_What is expected:_ For each line of the listing that holds "fill", show the full line.

_Material to process:_
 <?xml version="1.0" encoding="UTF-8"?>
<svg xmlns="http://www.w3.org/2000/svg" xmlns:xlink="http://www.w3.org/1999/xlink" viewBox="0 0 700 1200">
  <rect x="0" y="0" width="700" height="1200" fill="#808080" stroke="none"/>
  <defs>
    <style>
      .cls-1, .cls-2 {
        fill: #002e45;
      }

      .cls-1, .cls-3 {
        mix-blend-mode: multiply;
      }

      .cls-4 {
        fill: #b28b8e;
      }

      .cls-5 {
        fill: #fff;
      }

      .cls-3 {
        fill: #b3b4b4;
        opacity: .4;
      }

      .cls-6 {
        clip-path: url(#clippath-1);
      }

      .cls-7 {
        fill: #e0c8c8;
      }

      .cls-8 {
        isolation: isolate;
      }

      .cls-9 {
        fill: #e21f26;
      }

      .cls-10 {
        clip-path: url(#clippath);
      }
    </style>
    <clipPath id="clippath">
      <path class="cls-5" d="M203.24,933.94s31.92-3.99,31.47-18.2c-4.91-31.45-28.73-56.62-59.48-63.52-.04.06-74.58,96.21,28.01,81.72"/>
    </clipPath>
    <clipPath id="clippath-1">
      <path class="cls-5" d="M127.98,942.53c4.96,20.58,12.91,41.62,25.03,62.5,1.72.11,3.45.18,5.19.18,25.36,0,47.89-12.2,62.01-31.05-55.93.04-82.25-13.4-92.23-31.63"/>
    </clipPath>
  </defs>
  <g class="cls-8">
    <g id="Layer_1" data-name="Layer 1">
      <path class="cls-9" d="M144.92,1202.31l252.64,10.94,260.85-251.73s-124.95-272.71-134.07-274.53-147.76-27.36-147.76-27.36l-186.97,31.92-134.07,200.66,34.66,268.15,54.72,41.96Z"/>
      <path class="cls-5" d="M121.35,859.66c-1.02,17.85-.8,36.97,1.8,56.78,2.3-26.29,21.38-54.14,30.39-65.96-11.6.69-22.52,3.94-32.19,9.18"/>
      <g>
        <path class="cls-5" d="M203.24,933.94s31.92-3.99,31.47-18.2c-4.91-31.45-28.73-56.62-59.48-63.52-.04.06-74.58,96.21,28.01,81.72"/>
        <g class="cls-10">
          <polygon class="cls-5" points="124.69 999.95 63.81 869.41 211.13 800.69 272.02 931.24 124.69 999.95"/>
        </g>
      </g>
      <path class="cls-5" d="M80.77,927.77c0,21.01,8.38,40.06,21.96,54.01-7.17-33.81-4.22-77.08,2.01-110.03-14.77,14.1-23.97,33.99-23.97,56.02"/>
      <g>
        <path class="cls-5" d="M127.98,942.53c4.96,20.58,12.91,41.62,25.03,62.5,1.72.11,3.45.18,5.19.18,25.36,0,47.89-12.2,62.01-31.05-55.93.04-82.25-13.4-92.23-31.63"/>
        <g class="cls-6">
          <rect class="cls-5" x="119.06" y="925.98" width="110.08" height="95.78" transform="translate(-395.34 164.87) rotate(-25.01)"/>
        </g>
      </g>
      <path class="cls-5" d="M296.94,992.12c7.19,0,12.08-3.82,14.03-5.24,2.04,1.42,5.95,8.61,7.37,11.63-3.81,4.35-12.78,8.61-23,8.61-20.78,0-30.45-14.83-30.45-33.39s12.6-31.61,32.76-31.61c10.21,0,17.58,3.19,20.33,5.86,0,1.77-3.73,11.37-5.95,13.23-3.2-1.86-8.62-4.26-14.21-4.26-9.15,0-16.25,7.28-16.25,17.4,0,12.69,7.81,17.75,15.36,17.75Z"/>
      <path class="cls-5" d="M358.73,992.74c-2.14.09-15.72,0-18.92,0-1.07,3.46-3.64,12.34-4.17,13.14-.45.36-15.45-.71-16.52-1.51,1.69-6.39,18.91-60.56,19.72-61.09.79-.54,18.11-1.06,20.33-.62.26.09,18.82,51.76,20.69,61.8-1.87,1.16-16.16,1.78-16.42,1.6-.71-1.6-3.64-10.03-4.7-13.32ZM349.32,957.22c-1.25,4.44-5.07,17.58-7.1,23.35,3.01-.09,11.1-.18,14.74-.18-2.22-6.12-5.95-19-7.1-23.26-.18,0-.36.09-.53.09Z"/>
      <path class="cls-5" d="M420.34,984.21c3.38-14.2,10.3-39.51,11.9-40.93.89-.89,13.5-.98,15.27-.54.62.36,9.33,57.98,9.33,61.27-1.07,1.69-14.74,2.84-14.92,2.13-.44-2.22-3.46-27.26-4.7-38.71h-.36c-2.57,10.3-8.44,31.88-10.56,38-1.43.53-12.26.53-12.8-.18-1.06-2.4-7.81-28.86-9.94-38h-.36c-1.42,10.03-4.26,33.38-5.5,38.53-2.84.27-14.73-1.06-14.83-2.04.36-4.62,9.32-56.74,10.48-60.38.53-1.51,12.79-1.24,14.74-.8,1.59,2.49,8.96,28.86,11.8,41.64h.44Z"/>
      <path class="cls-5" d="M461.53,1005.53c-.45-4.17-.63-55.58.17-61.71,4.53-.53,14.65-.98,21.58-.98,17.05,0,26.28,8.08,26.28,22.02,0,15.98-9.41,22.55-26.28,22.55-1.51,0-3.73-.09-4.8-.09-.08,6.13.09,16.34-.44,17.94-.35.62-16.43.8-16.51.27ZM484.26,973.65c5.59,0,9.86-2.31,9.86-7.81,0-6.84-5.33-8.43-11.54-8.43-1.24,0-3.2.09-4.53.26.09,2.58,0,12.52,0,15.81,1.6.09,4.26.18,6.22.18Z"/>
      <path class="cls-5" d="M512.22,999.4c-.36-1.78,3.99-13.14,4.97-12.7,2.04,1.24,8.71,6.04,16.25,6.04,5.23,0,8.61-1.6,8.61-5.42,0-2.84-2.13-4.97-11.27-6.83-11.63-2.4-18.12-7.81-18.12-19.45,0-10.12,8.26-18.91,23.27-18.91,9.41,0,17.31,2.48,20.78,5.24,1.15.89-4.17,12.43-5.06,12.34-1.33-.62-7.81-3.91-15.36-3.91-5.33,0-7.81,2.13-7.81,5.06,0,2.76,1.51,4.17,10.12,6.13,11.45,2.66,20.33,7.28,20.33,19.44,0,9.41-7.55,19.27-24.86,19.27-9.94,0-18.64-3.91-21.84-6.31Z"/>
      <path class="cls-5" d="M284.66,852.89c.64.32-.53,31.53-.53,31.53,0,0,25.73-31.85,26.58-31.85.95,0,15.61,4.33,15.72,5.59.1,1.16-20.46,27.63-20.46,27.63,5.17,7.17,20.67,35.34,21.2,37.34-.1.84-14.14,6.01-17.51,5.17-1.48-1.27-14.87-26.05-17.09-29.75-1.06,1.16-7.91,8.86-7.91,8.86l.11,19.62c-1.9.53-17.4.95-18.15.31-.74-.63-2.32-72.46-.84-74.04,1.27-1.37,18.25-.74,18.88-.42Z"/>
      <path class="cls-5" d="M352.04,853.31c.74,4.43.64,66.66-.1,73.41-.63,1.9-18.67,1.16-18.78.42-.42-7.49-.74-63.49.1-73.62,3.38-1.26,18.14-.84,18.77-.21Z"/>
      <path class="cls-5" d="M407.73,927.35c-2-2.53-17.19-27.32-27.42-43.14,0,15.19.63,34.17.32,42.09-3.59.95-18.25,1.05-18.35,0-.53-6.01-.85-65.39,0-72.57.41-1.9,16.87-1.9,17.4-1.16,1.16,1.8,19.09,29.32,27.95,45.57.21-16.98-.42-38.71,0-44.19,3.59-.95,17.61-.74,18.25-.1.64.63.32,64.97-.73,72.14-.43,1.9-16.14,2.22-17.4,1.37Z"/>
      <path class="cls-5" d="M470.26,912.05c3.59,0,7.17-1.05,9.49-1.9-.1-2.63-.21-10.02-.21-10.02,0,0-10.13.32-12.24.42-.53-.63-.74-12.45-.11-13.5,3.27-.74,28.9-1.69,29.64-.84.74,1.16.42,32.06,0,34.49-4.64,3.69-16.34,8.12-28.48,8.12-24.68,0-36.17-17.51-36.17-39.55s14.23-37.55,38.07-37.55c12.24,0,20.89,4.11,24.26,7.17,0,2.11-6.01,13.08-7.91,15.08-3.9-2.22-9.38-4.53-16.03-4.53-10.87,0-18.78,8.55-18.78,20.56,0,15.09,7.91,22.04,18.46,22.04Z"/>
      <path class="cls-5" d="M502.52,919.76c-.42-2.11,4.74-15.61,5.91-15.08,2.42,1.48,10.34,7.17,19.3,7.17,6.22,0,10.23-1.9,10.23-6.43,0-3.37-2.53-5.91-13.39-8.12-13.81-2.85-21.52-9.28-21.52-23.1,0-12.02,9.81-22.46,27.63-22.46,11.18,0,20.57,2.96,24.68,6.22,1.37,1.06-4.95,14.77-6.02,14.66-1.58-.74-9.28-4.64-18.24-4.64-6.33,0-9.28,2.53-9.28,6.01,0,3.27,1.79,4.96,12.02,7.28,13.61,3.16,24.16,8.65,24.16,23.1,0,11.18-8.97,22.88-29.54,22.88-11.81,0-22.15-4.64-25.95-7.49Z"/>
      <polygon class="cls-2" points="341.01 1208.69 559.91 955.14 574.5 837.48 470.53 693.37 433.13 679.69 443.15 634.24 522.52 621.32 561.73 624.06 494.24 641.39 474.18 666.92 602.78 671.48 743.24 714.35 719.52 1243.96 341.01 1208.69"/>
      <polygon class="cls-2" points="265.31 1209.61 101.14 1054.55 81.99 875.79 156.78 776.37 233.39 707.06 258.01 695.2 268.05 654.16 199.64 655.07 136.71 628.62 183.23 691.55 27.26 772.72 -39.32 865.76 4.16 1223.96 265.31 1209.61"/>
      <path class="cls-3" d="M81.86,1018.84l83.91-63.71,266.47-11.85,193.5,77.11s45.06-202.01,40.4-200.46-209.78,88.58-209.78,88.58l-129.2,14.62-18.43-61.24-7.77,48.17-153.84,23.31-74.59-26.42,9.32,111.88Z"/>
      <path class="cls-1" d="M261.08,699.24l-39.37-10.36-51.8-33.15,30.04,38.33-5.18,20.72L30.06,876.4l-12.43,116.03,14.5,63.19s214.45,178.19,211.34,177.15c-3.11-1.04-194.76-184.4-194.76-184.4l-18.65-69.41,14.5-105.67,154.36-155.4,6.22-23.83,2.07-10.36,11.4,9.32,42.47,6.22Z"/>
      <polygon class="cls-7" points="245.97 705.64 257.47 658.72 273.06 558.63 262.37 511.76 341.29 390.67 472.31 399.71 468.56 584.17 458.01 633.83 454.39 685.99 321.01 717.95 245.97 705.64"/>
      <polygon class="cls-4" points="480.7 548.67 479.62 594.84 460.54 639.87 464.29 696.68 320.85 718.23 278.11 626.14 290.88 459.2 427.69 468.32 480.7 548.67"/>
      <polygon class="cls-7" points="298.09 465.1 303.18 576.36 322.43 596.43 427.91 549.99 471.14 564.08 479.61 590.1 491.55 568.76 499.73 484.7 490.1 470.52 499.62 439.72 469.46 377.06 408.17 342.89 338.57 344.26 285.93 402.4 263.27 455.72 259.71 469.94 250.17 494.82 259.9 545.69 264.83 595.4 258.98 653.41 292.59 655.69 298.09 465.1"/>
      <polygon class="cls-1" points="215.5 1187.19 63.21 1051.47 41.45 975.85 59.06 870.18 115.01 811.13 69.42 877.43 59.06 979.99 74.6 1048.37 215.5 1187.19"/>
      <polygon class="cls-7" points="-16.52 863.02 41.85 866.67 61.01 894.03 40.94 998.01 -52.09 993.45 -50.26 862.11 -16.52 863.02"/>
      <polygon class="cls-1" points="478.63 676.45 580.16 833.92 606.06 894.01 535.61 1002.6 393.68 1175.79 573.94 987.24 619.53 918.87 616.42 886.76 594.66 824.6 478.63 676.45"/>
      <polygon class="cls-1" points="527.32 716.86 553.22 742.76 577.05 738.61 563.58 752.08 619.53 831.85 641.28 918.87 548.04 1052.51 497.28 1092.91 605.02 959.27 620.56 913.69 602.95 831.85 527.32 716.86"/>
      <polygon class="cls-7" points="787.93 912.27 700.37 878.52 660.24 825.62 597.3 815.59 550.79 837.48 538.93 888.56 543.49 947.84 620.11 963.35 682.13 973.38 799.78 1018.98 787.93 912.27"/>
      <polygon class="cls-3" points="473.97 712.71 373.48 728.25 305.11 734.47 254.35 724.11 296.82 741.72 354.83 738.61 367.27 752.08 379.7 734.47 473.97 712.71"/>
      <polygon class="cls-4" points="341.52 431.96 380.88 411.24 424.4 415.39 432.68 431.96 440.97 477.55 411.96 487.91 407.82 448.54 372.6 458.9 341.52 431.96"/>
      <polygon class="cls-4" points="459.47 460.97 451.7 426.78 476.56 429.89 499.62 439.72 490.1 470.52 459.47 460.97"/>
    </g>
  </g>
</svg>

_Response to the exercise:_
  <rect x="0" y="0" width="700" height="1200" fill="#808080" stroke="none"/>
        fill: #002e45;
        fill: #b28b8e;
        fill: #fff;
        fill: #b3b4b4;
        fill: #e0c8c8;
        fill: #e21f26;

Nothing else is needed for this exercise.